- 牛车水人家
- Genre: Drama
- Starring: Zhu Houren Liang Tian Wang Xiuyun Chen Tianwen Li Nanxing Fu Shuiyu Chen Liping Lin Meijiao Liu Qiulian
- Country of origin: Singapore
- Original language: Mandarin
- No. of seasons: 1
- No. of episodes: 30

Production
- Producer: Michael Woo

Original release
- Network: SBC Channel 8
- Release: October 10 – November 18, 1988

= Teahouse in Chinatown =

Teahouse in Chinatown (牛车水人家) is a Singaporean Chinese-language drama series. The series stars Zhu Houren, Liang Tian, Wang Xiuyun, Chen Tianwen, Li Nanxing, Fu Shuiyu, Chen Liping, Lin Meijiao and Liu Qiulian. The series' theme song was sung by Eric Moo.

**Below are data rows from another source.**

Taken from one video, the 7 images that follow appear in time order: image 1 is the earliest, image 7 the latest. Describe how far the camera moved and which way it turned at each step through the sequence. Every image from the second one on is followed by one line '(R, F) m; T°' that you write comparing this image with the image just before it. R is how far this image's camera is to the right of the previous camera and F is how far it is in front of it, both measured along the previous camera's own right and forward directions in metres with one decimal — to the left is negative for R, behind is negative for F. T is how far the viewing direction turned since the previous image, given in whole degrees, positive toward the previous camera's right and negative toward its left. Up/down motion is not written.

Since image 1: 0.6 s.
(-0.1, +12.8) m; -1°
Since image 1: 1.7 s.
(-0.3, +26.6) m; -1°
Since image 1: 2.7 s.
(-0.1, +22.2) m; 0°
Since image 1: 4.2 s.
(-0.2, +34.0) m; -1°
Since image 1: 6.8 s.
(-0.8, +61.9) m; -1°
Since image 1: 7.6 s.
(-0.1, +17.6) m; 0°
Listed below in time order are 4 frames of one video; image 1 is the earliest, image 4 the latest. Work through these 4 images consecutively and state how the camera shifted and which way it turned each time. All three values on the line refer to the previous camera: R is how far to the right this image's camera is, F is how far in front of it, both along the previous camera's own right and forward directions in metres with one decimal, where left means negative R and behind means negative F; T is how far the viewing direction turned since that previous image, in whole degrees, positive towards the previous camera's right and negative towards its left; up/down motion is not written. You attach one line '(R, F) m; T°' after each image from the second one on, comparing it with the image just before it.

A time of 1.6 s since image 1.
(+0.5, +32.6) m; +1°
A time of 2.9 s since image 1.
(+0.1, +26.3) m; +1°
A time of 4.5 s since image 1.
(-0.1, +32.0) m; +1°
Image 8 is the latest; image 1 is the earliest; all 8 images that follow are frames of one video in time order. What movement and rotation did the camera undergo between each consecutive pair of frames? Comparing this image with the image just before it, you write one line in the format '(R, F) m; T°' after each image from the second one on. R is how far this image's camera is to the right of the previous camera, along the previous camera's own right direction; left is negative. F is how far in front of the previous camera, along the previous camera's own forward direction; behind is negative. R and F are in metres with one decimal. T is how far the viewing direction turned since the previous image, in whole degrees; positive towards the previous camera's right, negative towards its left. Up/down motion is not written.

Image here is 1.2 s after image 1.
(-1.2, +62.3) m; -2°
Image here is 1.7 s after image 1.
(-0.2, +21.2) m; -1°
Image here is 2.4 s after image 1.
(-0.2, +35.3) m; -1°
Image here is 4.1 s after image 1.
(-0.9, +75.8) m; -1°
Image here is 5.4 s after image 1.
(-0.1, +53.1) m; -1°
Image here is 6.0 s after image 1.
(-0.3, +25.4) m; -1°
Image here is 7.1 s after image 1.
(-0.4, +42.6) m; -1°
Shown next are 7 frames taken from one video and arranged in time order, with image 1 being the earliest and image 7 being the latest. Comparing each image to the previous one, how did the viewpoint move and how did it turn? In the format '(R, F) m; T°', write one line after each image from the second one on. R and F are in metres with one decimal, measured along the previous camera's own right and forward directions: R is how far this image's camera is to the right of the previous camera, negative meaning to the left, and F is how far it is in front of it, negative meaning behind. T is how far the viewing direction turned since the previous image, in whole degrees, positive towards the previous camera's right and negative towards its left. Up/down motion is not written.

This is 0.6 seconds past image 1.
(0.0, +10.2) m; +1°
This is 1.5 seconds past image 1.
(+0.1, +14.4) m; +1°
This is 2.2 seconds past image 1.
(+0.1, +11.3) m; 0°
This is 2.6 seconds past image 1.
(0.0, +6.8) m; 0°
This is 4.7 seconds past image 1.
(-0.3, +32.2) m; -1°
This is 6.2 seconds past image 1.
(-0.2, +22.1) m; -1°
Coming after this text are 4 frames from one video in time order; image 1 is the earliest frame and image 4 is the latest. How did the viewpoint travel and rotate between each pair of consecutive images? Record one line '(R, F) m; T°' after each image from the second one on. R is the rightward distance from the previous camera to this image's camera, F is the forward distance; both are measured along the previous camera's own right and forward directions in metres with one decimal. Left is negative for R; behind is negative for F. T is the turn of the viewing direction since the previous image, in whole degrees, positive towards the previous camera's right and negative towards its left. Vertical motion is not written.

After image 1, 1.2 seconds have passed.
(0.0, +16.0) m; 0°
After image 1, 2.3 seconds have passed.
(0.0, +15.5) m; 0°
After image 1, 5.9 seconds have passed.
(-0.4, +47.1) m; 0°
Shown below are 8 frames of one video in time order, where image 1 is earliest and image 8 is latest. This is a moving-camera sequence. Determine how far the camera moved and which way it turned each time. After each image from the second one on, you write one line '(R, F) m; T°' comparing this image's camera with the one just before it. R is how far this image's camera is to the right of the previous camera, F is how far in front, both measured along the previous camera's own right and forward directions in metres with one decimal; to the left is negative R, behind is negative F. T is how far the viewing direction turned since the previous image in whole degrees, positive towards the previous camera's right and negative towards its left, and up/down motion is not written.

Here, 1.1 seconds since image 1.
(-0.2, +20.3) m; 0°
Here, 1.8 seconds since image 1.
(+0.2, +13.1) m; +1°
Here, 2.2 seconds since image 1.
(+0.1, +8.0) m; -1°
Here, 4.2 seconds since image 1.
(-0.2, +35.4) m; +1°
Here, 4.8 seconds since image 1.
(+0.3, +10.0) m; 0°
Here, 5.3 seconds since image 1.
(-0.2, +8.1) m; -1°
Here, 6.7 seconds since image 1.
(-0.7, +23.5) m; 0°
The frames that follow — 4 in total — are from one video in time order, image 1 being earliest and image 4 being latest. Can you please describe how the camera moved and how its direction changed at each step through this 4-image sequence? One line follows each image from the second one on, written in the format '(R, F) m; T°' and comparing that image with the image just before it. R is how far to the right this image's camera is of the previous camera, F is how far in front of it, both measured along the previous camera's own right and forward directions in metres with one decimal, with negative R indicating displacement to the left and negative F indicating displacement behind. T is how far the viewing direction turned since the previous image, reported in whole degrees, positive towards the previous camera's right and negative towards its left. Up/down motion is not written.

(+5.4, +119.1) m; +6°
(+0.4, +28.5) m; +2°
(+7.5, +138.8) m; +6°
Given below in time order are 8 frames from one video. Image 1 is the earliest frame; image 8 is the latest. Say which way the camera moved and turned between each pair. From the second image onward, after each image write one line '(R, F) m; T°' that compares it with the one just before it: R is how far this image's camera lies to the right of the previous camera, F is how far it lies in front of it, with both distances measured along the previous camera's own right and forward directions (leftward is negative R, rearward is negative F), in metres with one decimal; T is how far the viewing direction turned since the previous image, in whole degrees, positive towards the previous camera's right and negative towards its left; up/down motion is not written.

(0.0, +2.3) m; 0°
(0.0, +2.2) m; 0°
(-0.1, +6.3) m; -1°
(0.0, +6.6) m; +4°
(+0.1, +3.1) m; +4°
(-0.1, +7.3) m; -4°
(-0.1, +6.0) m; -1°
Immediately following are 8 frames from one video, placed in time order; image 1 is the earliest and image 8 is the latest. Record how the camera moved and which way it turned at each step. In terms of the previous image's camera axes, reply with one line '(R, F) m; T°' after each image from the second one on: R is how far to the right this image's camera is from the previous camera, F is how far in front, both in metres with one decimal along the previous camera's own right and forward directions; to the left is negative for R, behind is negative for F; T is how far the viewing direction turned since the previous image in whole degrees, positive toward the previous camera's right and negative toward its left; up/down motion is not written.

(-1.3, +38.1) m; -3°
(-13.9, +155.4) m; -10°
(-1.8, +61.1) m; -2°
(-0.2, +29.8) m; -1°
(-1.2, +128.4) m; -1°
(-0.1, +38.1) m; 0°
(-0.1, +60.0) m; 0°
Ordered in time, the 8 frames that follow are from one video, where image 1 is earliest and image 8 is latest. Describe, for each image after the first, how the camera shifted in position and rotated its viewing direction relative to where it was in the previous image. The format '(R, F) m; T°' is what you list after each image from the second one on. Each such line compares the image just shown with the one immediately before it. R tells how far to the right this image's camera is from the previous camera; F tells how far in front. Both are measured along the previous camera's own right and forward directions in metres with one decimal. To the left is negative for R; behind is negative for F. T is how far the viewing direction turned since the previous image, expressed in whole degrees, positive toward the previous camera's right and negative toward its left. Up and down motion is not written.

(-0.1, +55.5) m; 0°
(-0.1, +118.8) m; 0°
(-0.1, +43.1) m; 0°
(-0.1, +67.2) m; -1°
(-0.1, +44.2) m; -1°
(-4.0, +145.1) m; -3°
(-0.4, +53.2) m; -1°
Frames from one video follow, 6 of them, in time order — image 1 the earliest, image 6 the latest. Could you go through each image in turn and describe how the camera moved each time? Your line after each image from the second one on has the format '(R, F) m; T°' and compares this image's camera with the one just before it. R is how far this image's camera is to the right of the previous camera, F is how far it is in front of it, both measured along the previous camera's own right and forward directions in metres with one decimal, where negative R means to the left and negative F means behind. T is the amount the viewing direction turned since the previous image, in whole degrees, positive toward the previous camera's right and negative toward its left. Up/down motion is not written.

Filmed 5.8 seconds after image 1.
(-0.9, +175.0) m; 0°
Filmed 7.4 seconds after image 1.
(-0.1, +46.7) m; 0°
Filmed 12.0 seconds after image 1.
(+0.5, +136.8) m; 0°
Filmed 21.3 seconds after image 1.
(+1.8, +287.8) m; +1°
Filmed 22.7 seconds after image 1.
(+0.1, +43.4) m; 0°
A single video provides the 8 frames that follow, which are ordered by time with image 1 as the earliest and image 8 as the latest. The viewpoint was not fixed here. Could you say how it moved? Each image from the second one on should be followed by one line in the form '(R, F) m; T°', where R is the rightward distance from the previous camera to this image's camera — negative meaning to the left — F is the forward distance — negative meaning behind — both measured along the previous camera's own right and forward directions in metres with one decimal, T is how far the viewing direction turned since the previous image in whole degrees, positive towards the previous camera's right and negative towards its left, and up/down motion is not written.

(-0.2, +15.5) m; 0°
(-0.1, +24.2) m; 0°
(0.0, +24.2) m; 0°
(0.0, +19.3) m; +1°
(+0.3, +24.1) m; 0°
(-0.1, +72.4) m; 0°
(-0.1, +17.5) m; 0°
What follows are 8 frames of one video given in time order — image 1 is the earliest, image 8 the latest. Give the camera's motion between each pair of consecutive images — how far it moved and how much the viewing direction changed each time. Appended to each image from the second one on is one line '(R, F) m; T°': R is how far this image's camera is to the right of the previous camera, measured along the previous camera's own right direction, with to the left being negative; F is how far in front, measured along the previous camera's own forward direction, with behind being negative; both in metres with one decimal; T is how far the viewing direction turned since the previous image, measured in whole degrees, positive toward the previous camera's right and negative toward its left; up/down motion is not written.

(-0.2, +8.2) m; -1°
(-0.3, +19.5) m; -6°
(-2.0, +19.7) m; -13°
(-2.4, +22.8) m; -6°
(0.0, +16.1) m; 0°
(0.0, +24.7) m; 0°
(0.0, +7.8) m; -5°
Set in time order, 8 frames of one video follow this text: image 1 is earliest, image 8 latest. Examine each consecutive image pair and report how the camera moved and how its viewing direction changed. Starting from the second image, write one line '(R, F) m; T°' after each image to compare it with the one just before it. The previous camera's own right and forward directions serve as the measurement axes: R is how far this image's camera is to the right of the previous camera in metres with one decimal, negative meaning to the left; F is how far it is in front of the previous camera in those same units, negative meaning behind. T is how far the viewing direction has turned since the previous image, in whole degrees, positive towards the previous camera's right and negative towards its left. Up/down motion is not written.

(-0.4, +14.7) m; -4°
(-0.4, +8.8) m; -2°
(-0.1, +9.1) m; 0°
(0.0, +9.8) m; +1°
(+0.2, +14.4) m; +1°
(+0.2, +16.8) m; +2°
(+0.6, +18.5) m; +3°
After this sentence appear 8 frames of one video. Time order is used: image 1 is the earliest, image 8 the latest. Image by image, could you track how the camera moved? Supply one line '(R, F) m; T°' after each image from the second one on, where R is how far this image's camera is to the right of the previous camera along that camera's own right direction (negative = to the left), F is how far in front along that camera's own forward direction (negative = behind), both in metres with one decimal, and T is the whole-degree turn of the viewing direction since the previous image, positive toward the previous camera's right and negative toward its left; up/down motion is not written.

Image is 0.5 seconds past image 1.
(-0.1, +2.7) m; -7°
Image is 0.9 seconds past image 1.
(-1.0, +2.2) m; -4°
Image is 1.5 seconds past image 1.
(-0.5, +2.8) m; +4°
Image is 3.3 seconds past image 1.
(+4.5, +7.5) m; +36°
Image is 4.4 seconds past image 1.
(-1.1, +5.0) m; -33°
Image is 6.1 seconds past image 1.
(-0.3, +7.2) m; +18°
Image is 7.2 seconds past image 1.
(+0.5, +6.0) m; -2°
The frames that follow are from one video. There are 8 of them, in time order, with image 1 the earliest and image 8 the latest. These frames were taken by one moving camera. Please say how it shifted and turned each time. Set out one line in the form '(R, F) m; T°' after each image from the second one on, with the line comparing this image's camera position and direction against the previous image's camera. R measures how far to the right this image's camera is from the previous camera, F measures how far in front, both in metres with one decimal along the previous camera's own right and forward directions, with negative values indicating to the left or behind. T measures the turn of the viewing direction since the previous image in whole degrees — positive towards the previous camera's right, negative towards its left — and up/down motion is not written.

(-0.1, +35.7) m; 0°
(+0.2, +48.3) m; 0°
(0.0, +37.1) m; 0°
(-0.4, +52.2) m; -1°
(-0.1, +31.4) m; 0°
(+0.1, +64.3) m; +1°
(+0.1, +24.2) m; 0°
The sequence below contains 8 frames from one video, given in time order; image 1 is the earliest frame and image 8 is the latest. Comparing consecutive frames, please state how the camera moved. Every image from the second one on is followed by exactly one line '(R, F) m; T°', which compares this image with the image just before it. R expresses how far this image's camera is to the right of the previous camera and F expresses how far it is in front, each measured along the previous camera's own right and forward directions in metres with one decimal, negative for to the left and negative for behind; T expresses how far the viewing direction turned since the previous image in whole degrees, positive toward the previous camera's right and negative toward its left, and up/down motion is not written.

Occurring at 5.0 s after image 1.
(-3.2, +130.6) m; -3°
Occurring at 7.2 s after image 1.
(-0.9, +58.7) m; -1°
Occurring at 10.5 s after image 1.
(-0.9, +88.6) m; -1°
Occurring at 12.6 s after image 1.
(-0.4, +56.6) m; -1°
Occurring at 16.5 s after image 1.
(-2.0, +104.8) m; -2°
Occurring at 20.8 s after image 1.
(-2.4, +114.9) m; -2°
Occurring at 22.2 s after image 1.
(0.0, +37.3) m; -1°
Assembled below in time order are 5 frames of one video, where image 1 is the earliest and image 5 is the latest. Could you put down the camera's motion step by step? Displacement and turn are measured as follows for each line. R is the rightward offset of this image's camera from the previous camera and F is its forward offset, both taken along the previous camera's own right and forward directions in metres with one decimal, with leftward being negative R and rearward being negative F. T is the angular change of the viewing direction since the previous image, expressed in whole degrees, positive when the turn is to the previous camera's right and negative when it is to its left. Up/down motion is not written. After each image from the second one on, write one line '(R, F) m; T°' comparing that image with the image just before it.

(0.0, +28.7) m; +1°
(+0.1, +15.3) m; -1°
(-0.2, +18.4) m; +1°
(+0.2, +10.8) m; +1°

In 1989, a survey found that the series had attracted the third highest average viewership for an SBC serial in the last two years, behind Good Morning, Sir! and My Sweet Rival, having attracted 980,000 viewers on average.

==Cast==
- Zhu Houren as Chen Debiao
- Liang Tian as Chen Donghan
- Wang Xiuyun as Lin Fang
- Chen Tianwen as Chen Defu
- Li Nanxing as Chen Dejian
- Fu Shuiyu
- Chen Liping as Zhang Ruoting
- Lin Meijiao as Li Lijun
- Liu Qiulian as Ma Fengjiao
- Chen Juanjuan as Chen Peiying
- Yang Junhe
- Jin Yinji as Deng Mialan
- Tiow Im Tan as Zhao Musheng
- Lin Yisheng as Ah Gui
- Steven Woon
- Chen Meng
- Chen Fengling
- Wu Weiqiang
- Zhang Shuifa
- Zeng Sipei
- Tracer Wong
- Tan Mui Kwang as Fuyu
- Fang Hui
- Lin Jinchi
- Hu Shufen
- Ang Puay Heng
- Ke Shafei
- Zeng Yaofeng
- Wang Songshen
- Liu Ruixiang
- Sean Say
- Liang Siming
- Huang Fa
- Richard Low as A-jun
- Dai Peng
- Lim Kwee-heok
- Zhou Quanxi
- Tang Hu
- Chen Zhonghua
- Wang Changli
- Zhou Shurong
- Zhang Jinhua
- Pan En
- Liang Baozhu
- Ye Shipin
- Yan Bingliang as Ding Qiang
- Chua Cheng Pou as Liu Mengyi

==Reception==
The New Paper wrote that while the series was "above average", it "hits such high notes that it turns your emotions around and makes you want to laugh."